Sam Robinson is currently working on military oceanography in Western Europe during the Cold War, centring on Britain and focusing on the growth, development and ultimate collapse of the committees that came to define the relationship between oceanographers and their military patrons from 1955-1975.  Sam’s research will study the concurrent developments of Sound Surveillance System (SOSUS) and oceanographic research in strategic environments such as the North East Atlantic Ocean and the Mediterranean Sea, placing science and surveillance in a transnational history.

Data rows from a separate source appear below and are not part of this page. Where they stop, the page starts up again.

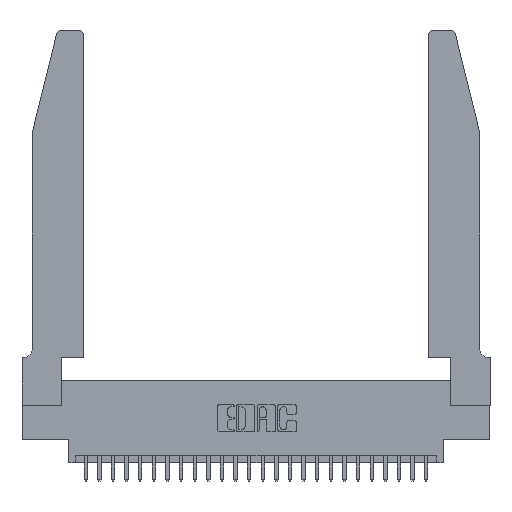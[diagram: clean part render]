
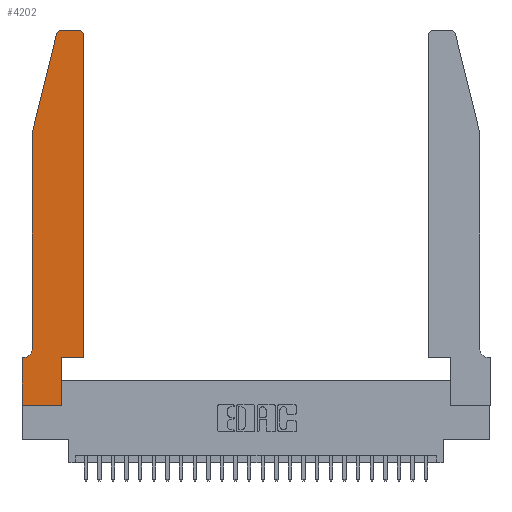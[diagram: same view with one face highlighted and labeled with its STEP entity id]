
A CAD part, top view. The second image highlights one B-rep face of the part: STEP entity #4202.
In plain terms, the highlighted planar face has unit normal (0, 0, 1).
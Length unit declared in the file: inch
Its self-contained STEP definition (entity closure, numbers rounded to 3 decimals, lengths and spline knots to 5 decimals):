
#34 = VERTEX_POINT ( 'NONE', #734 ) ;
#74 = VERTEX_POINT ( 'NONE', #5185 ) ;
#426 = CARTESIAN_POINT ( 'NONE',  ( 0., 0., 0.37 ) ) ;
#502 = EDGE_CURVE ( 'NONE', #34, #12186, #5408, .T. ) ;
#539 = CARTESIAN_POINT ( 'NONE',  ( 0.4505, 0.35, 0.37 ) ) ;
#564 = DIRECTION ( 'NONE',  ( 0., 1., 0. ) ) ;
#734 = CARTESIAN_POINT ( 'NONE',  ( 0.0755, 2., 0.37 ) ) ;
#913 = ORIENTED_EDGE ( 'NONE', *, *, #14301, .T. ) ;
#1689 = CARTESIAN_POINT ( 'NONE',  ( 0.2605, 2.75, 0.37 ) ) ;
#1922 = CARTESIAN_POINT ( 'NONE',  ( 0., 0., 0.37 ) ) ;
#2126 = EDGE_CURVE ( 'NONE', #5705, #74, #7772, .T. ) ;
#2257 = PLANE ( 'NONE',  #5838 ) ;
#2386 = CARTESIAN_POINT ( 'NONE',  ( 0.4505, 0.35, 0.37 ) ) ;
#2462 = EDGE_CURVE ( 'NONE', #16523, #5897, #5768, .T. ) ;
#2475 = DIRECTION ( 'NONE',  ( 0., -1., 0. ) ) ;
#2676 = EDGE_CURVE ( 'NONE', #74, #7890, #16016, .T. ) ;
#3262 = CARTESIAN_POINT ( 'NONE',  ( 0.0055, 0.35, 0.37 ) ) ;
#3346 = VECTOR ( 'NONE', #22517, 39.37008 ) ;
#3750 = ORIENTED_EDGE ( 'NONE', *, *, #2126, .T. ) ;
#4202 = ADVANCED_FACE ( 'NONE', ( #16610 ), #2257, .T. ) ;
#4540 = CARTESIAN_POINT ( 'NONE',  ( 0.0755, 2., 0.37 ) ) ;
#4644 = AXIS2_PLACEMENT_3D ( 'NONE', #13091, #19506, #21678 ) ;
#5108 = DIRECTION ( 'NONE',  ( 0., -1., 0. ) ) ;
#5178 = DIRECTION ( 'NONE',  ( 1., 0., 0. ) ) ;
#5185 = CARTESIAN_POINT ( 'NONE',  ( 0.4505, 2.72, 0.37 ) ) ;
#5408 = LINE ( 'NONE', #9256, #24000 ) ;
#5705 = VERTEX_POINT ( 'NONE', #14773 ) ;
#5768 = LINE ( 'NONE', #20187, #23718 ) ;
#5838 = AXIS2_PLACEMENT_3D ( 'NONE', #19230, #10752, #25652 ) ;
#5854 = CARTESIAN_POINT ( 'NONE',  ( 0.4205, 2.72, 0.37 ) ) ;
#5897 = VERTEX_POINT ( 'NONE', #13578 ) ;
#6229 = CIRCLE ( 'NONE', #4644, 0.07 ) ;
#6324 = LINE ( 'NONE', #1689, #3346 ) ;
#7018 = VECTOR ( 'NONE', #564, 39.37008 ) ;
#7020 = DIRECTION ( 'NONE',  ( 0., 1., 0. ) ) ;
#7075 = ORIENTED_EDGE ( 'NONE', *, *, #25362, .T. ) ;
#7772 = LINE ( 'NONE', #539, #12095 ) ;
#7890 = VERTEX_POINT ( 'NONE', #22252 ) ;
#8304 = CARTESIAN_POINT ( 'NONE',  ( 0.2865, 0.35, 0.37 ) ) ;
#8507 = ORIENTED_EDGE ( 'NONE', *, *, #16055, .T. ) ;
#8778 = EDGE_CURVE ( 'NONE', #5897, #21084, #18932, .T. ) ;
#9256 = CARTESIAN_POINT ( 'NONE',  ( 0.0755, 2., 0.37 ) ) ;
#9618 = VERTEX_POINT ( 'NONE', #27346 ) ;
#9778 = CARTESIAN_POINT ( 'NONE',  ( 0.2865, 0., 0.37 ) ) ;
#10109 = DIRECTION ( 'NONE',  ( 1., 0., 0. ) ) ;
#10411 = EDGE_LOOP ( 'NONE', ( #8507, #7075, #913, #12657, #13353, #19431, #17976, #22878, #11668, #17306, #3750, #14231 ) ) ;
#10752 = DIRECTION ( 'NONE',  ( 0., 0., 1. ) ) ;
#11668 = ORIENTED_EDGE ( 'NONE', *, *, #13711, .T. ) ;
#12095 = VECTOR ( 'NONE', #7020, 39.37008 ) ;
#12186 = VERTEX_POINT ( 'NONE', #25271 ) ;
#12657 = ORIENTED_EDGE ( 'NONE', *, *, #502, .T. ) ;
#12671 = LINE ( 'NONE', #4540, #13328 ) ;
#12908 = CARTESIAN_POINT ( 'NONE',  ( 0.2865, 0.35, 0.37 ) ) ;
#13091 = CARTESIAN_POINT ( 'NONE',  ( 0.0055, 0.42, 0.37 ) ) ;
#13328 = VECTOR ( 'NONE', #20626, 39.37008 ) ;
#13353 = ORIENTED_EDGE ( 'NONE', *, *, #18781, .T. ) ;
#13415 = VECTOR ( 'NONE', #25774, 39.37008 ) ;
#13578 = CARTESIAN_POINT ( 'NONE',  ( 0., 0.35, 0.37 ) ) ;
#13711 = EDGE_CURVE ( 'NONE', #25757, #24642, #15977, .T. ) ;
#14231 = ORIENTED_EDGE ( 'NONE', *, *, #2676, .T. ) ;
#14301 = EDGE_CURVE ( 'NONE', #9618, #34, #12671, .T. ) ;
#14773 = CARTESIAN_POINT ( 'NONE',  ( 0.4505, 0.35, 0.37 ) ) ;
#15007 = LINE ( 'NONE', #16515, #24623 ) ;
#15244 = VERTEX_POINT ( 'NONE', #24326 ) ;
#15353 = AXIS2_PLACEMENT_3D ( 'NONE', #23394, #25719, #23300 ) ;
#15977 = LINE ( 'NONE', #12908, #7018 ) ;
#16016 = CIRCLE ( 'NONE', #19349, 0.03 ) ;
#16055 = EDGE_CURVE ( 'NONE', #7890, #15244, #6324, .T. ) ;
#16515 = CARTESIAN_POINT ( 'NONE',  ( 0., 0., 0.37 ) ) ;
#16523 = VERTEX_POINT ( 'NONE', #3262 ) ;
#16610 = FACE_OUTER_BOUND ( 'NONE', #10411, .T. ) ;
#17306 = ORIENTED_EDGE ( 'NONE', *, *, #26030, .T. ) ;
#17976 = ORIENTED_EDGE ( 'NONE', *, *, #8778, .T. ) ;
#18781 = EDGE_CURVE ( 'NONE', #12186, #16523, #6229, .T. ) ;
#18932 = LINE ( 'NONE', #426, #19604 ) ;
#19230 = CARTESIAN_POINT ( 'NONE',  ( 0., 0.35, 0.37 ) ) ;
#19349 = AXIS2_PLACEMENT_3D ( 'NONE', #5854, #26207, #5178 ) ;
#19431 = ORIENTED_EDGE ( 'NONE', *, *, #2462, .T. ) ;
#19506 = DIRECTION ( 'NONE',  ( 0., 0., -1. ) ) ;
#19604 = VECTOR ( 'NONE', #2475, 39.37008 ) ;
#20187 = CARTESIAN_POINT ( 'NONE',  ( 0.0755, 0.35, 0.37 ) ) ;
#20626 = DIRECTION ( 'NONE',  ( -0.239, -0.971, 0. ) ) ;
#21084 = VERTEX_POINT ( 'NONE', #1922 ) ;
#21678 = DIRECTION ( 'NONE',  ( -1., 0., 0. ) ) ;
#22155 = EDGE_CURVE ( 'NONE', #21084, #25757, #15007, .T. ) ;
#22252 = CARTESIAN_POINT ( 'NONE',  ( 0.4205, 2.75, 0.37 ) ) ;
#22517 = DIRECTION ( 'NONE',  ( -1., 0., 0. ) ) ;
#22878 = ORIENTED_EDGE ( 'NONE', *, *, #22155, .T. ) ;
#23300 = DIRECTION ( 'NONE',  ( 1., 0., 0. ) ) ;
#23394 = CARTESIAN_POINT ( 'NONE',  ( 0.284, 2.72, 0.37 ) ) ;
#23397 = LINE ( 'NONE', #2386, #13415 ) ;
#23718 = VECTOR ( 'NONE', #24472, 39.37008 ) ;
#24000 = VECTOR ( 'NONE', #5108, 39.37008 ) ;
#24326 = CARTESIAN_POINT ( 'NONE',  ( 0.284, 2.75, 0.37 ) ) ;
#24472 = DIRECTION ( 'NONE',  ( -1., 0., 0. ) ) ;
#24623 = VECTOR ( 'NONE', #10109, 39.37008 ) ;
#24642 = VERTEX_POINT ( 'NONE', #8304 ) ;
#24773 = CIRCLE ( 'NONE', #15353, 0.03 ) ;
#25271 = CARTESIAN_POINT ( 'NONE',  ( 0.0755, 0.42, 0.37 ) ) ;
#25362 = EDGE_CURVE ( 'NONE', #15244, #9618, #24773, .T. ) ;
#25652 = DIRECTION ( 'NONE',  ( 1., 0., 0. ) ) ;
#25719 = DIRECTION ( 'NONE',  ( 0., 0., 1. ) ) ;
#25757 = VERTEX_POINT ( 'NONE', #9778 ) ;
#25774 = DIRECTION ( 'NONE',  ( 1., 0., 0. ) ) ;
#26030 = EDGE_CURVE ( 'NONE', #24642, #5705, #23397, .T. ) ;
#26207 = DIRECTION ( 'NONE',  ( 0., 0., 1. ) ) ;
#27346 = CARTESIAN_POINT ( 'NONE',  ( 0.25487, 2.72718, 0.37 ) ) ;
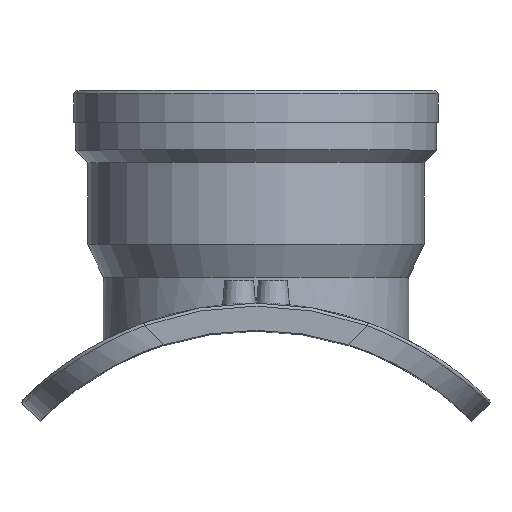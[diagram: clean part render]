
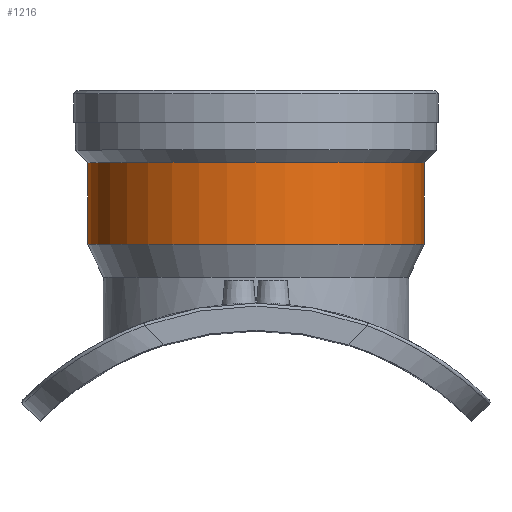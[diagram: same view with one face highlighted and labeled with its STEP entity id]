
A CAD part, top view. The second image highlights one B-rep face of the part: STEP entity #1216.
In plain terms, the highlighted cylindrical face has radius 87.5 mm (diameter 175 mm), a full revolution.
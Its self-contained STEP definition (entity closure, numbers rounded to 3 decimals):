
#72=FACE_BOUND('',#295,.T.);
#180=FACE_OUTER_BOUND('',#294,.T.);
#294=EDGE_LOOP('',(#1093));
#295=EDGE_LOOP('',(#1094));
#364=CIRCLE('',#1359,87.5);
#365=CIRCLE('',#1361,87.5);
#614=VERTEX_POINT('',#3192);
#615=VERTEX_POINT('',#3195);
#775=EDGE_CURVE('',#614,#614,#364,.T.);
#776=EDGE_CURVE('',#615,#615,#365,.T.);
#1093=ORIENTED_EDGE('',*,*,#775,.T.);
#1094=ORIENTED_EDGE('',*,*,#776,.F.);
#1135=CYLINDRICAL_SURFACE('',#1360,87.5);
#1216=ADVANCED_FACE('',(#180,#72),#1135,.T.);
#1359=AXIS2_PLACEMENT_3D('',#3193,#1689,#1690);
#1360=AXIS2_PLACEMENT_3D('',#3194,#1691,#1692);
#1361=AXIS2_PLACEMENT_3D('',#3196,#1693,#1694);
#1689=DIRECTION('center_axis',(0.,1.,0.));
#1690=DIRECTION('ref_axis',(1.,0.,0.));
#1691=DIRECTION('center_axis',(0.,1.,0.));
#1692=DIRECTION('ref_axis',(0.,0.,1.));
#1693=DIRECTION('center_axis',(0.,1.,0.));
#1694=DIRECTION('ref_axis',(1.,0.,0.));
#3192=CARTESIAN_POINT('',(0.,202.5,87.5));
#3193=CARTESIAN_POINT('Origin',(0.,202.5,0.));
#3194=CARTESIAN_POINT('Origin',(0.,223.75,0.));
#3195=CARTESIAN_POINT('',(0.,245.,87.5));
#3196=CARTESIAN_POINT('Origin',(0.,245.,0.));

In Britain, the relationship between oceanographer and the military commenced with work on anti-submarine warfare during World War II.  In the postwar period, despite various financial constraints, British oceanographers were able to establish their own research institution which was largely free of government control.  Whilst this might have heralded a shift towards ‘peaceful’ science independent of the military and government regime, British oceanographers under George Deacon continued to carry out research with strategic rationales.  Eventually, this led to the forming of various collaborative committees such as the NATO sub-committee on Oceanography and independent committees such as the Anglo-French Sub-Committee for Military Oceanography , the Anglo-German sub-group on oceanography and meteorology, the Anglo-Swedish collaboration on Naval Research and Development, Canadian/UK/US collaboration on research and development, Technical Sub-Group G on Undersea Warfare and Anglo/American/Norwegian collaboration on underwater research.  These committees worked independently of one another, existing and operating behind closed doors, whilst individual these countries worked together openly on international projects.  One example of this is the International Council for the Exploration of the Seas (ICES) ‘Overflow’ expedition of 1960 which took place in the UK-Iceland gap in the North Atlantic; an area of immense geopolitical and geostrategic sensitivity.  By the early 1970s, these ‘secret’ committees started to disband as the ties between oceanographers and the military lost the urgency brought by the geopolitical tensions that had been pressing at the end of the 1950s.  Over the period of study, military and government strategists, in collaboration with oceanographers, brought about the surveillance of the North Atlantic Ocean with the capability to track soviet submarine movements.  This level of surveillance was only achieved by both parties working together, and as such, understandings of the dynamics of this relationship are fundamental to a comprehension of how surveillance of the seas became an operational reality, without in itself seeming to necessitate the escalation of tensions.

In his master dissertation, Sam studied the response of the public to the changing construction of collective identity within the British scientific community, as a result of the onset of ‘professionalization’ in the latter half of the nineteenth century.  Using the satirical magazine ‘Punch’, Sam aimed to show that the caricatures contained within ‘Punch’ present another way of looking at the ‘professionalization’ of science, visually displaying the circumstances, conduct and consequences of professionalization on the British scientific community.  The caricatures provide a unique perspective on how these changes were perceived by the public, and how this altered perceptions of ‘men of science’ to those outside the scientific community.